Но тогда она рискует, что все станет известно, что ее позор окажется у всех на виду? Кэролайн Райан, профессор, прелестная, умная Кэти Райан не может даже удержать собственного мужа? Как ты думаешь, что это она натворила? Так станут шептать друзья за ее спиной. Конечно, все заявят, что это не ее вина, но потом замолчат и сконфуженно опустят глаза, а мгновение спустя начнут спрашивать, почему она не повела себя иначе, почему не заметила признаков его неудовлетворенности, ведь семейная жизнь, в конце концов, редко зависит лишь от одного партнера, к тому же Джек не похож на мужчину, который ищет развлечения на стороне, правда? Она будет чувствовать себя смущенной и расстроенной, хуже чем когда-либо в своей жизни, подумала она, на мгновение забыв о том, что у нее были и куда более трудные моменты.

Все казалось таким непонятным и запутанным. Но Кэти не знала, как поступить, хотя понимала, что бездействие губительней всего. Неужели она в ловушке? Неужели у нее нет выхода?

– У тебя что-нибудь случилось, мамочка? – спросила Салли, прижимая к себе Барби.

– Нет, милая, ничего, только оставь пока маму в покое, ладно?

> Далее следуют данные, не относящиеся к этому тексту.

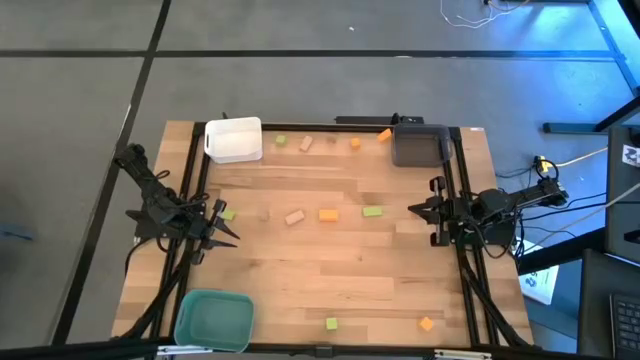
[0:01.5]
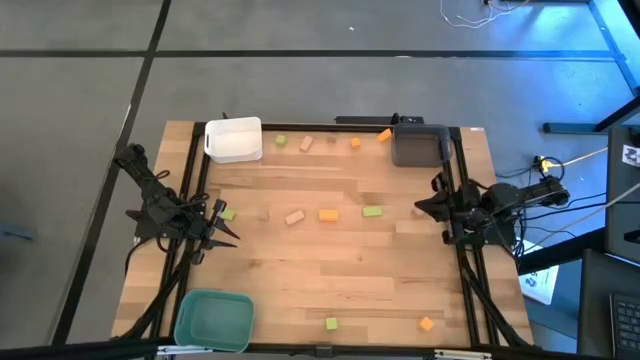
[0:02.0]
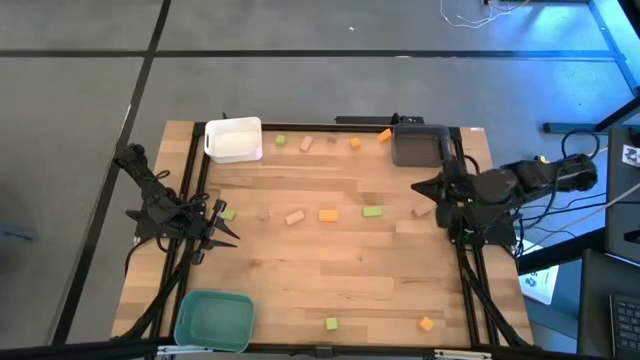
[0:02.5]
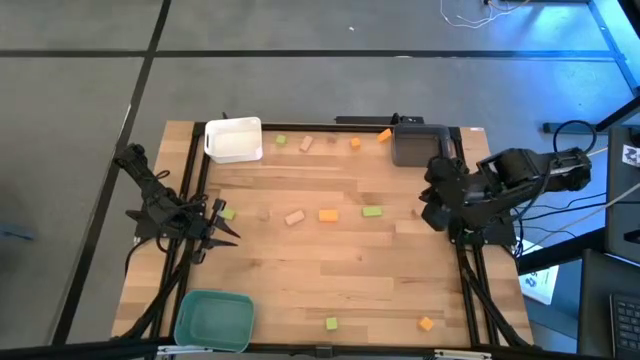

– Джек говорит, что просит прощения. Можно ему выйти из своей комнаты?

– Можно – если он обещает вести себя хорошо.

– О'кей! – Салли выбежала в коридор.

Неужели все так просто? – подумала Кэти. Она могла простить ему почти все. Может, простить и это? Не потому, что ей так хотелось простить его, нет. Просто здесь речь шла не только о ее гордости. Речь шла и о детях, а детям нужен отец, даже если этот отец почти не обращает на них внимания. Неужели ее гордость важнее? А с другой стороны – какой станет их жизнь, если мама и папа не ладят между собой? Разве это не пагубнее? В конце концов, она всегда может найти себе.., другого Джека?

Она снова заплакала. Кэти плакала от собственной беспомощности, от своей неспособности найти правильное решение, от причиненной ей обиды. Эти слезы никак не помогали разрешить ее трудности, только ухудшали положение. Часть ее сознания хотела, чтобы он ушел. Другая часть – настаивала, чтобы он вернулся. Но ни та, ни другая не знали, как поступить.

* * *

– Надеюсь, вы понимаете, что наш разговор не подлежит разглашению, – слова следователя звучали не вопросом, а утверждением. Сидящий перед ним мужчина был невысок ростом, явно страдал от лишней полноты, обращали на себя внимание его мягкие розовые руки. Усы а 1а Бисмарк были скорее всего попыткой выглядеть мужественным. На самом деле эта попытка была неудачной, и мужчина не производил серьезного впечатления, пока следователь не присмотрелся к его лицу. Темные глаза доктора были на удивление проницательными и не упускали ничего.

– Врачам не привыкать к сохранению тайны, – ответил Берни Катц, возвращая следователю его служебное удостоверение. – Давайте не будем терять времени. Через двадцать минут у меня обход.

По мнению следователя, порученное ему задание представляло определенный интерес, хотя он не был уверен в том, что одобряет его. Супружеская неверность не является преступлением, хотя обычно мешает получению допуска к совершенно секретным работам. В конце концов, если мужчина может нарушить клятву, данную им в церкви, почему не нарушить обещание, написанное на листе бумаги?

Берни Катц откинулся назад, проявляя предельное терпение, которого у него было не так уж много. Он был хирургом, привык совершать поступки и принимать решения, а не ждать, когда их примут другие. Он покачивался в кресле, одной рукой подкручивая усы.

– Вы хорошо знаете доктора Кэролайн Райан?

– Я работаю с ней вот уже одиннадцать лет.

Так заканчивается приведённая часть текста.